=== BRIEF ===
Every record needs to come back as written, except for the pictures.

=== GIVEN RECORDS ===
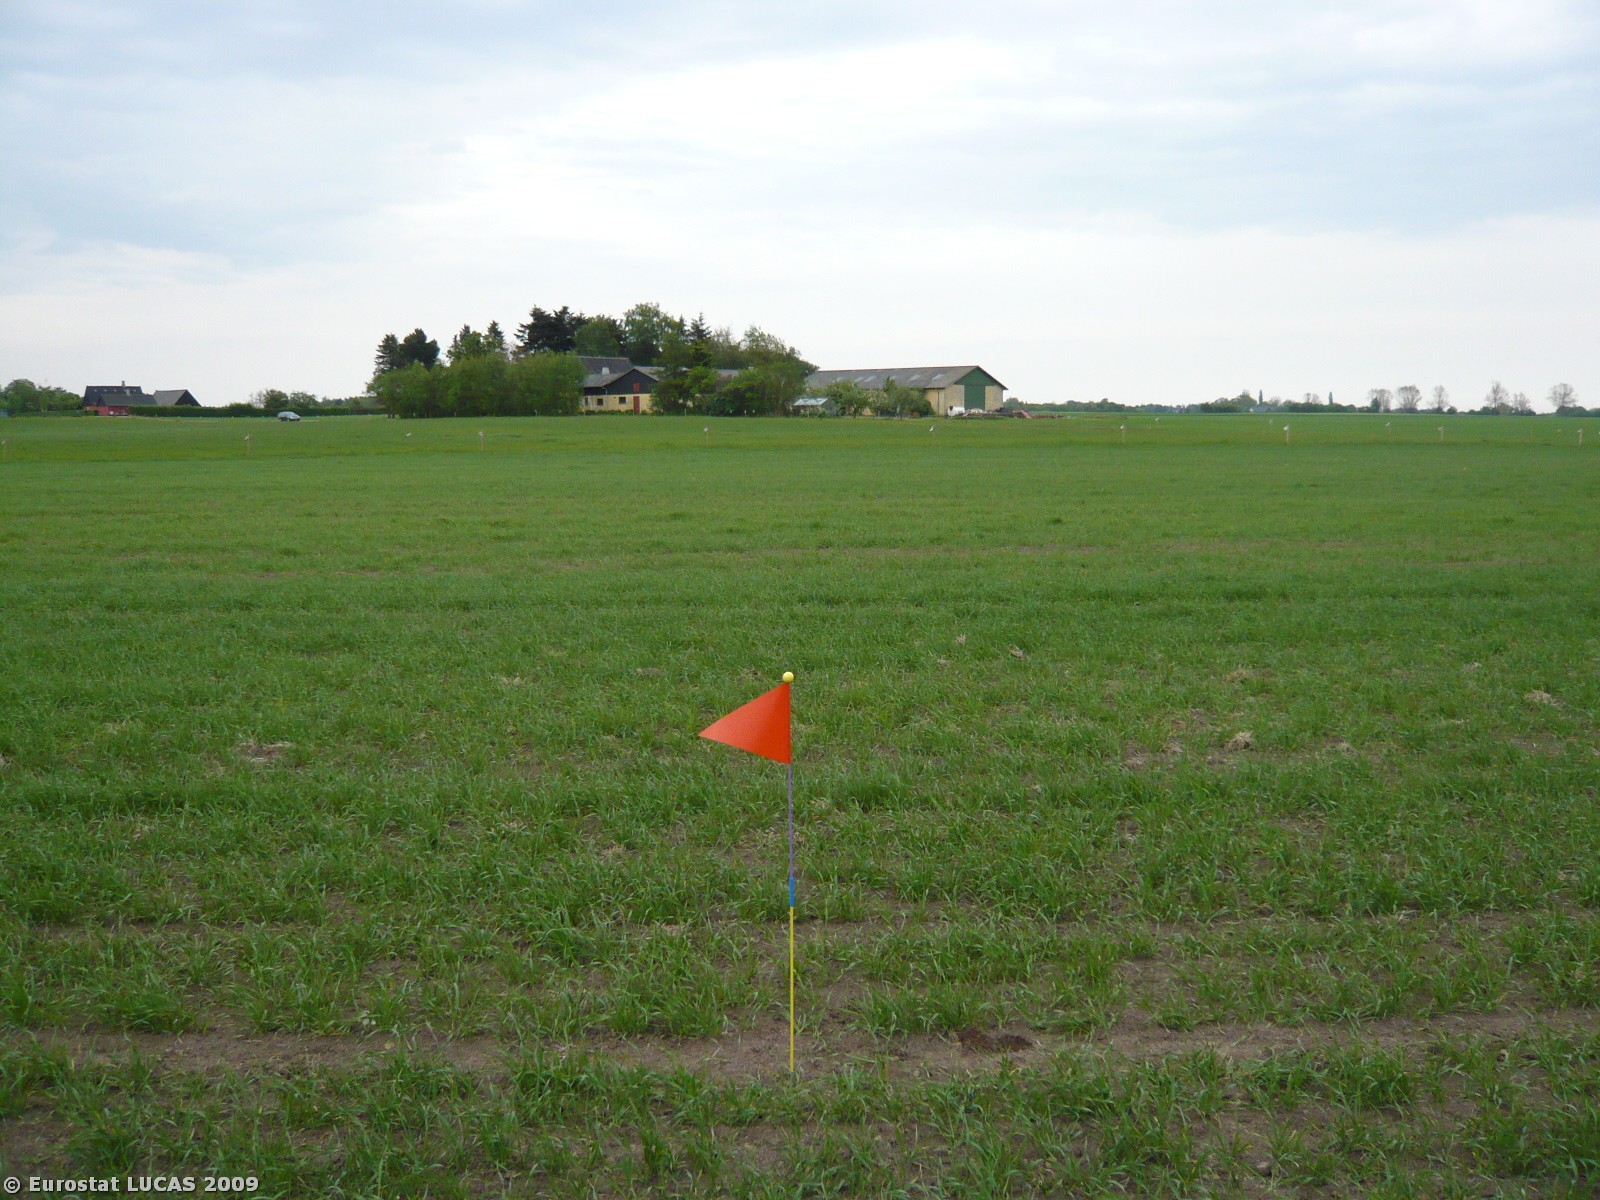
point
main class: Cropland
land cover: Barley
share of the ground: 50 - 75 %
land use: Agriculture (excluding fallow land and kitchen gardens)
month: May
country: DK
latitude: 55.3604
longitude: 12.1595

=== REPLY ===
point
main class: Cropland
land cover: Barley
share of the ground: 50 - 75 %
land use: Agriculture (excluding fallow land and kitchen gardens)
month: May
country: DK
latitude: 55.3604
longitude: 12.1595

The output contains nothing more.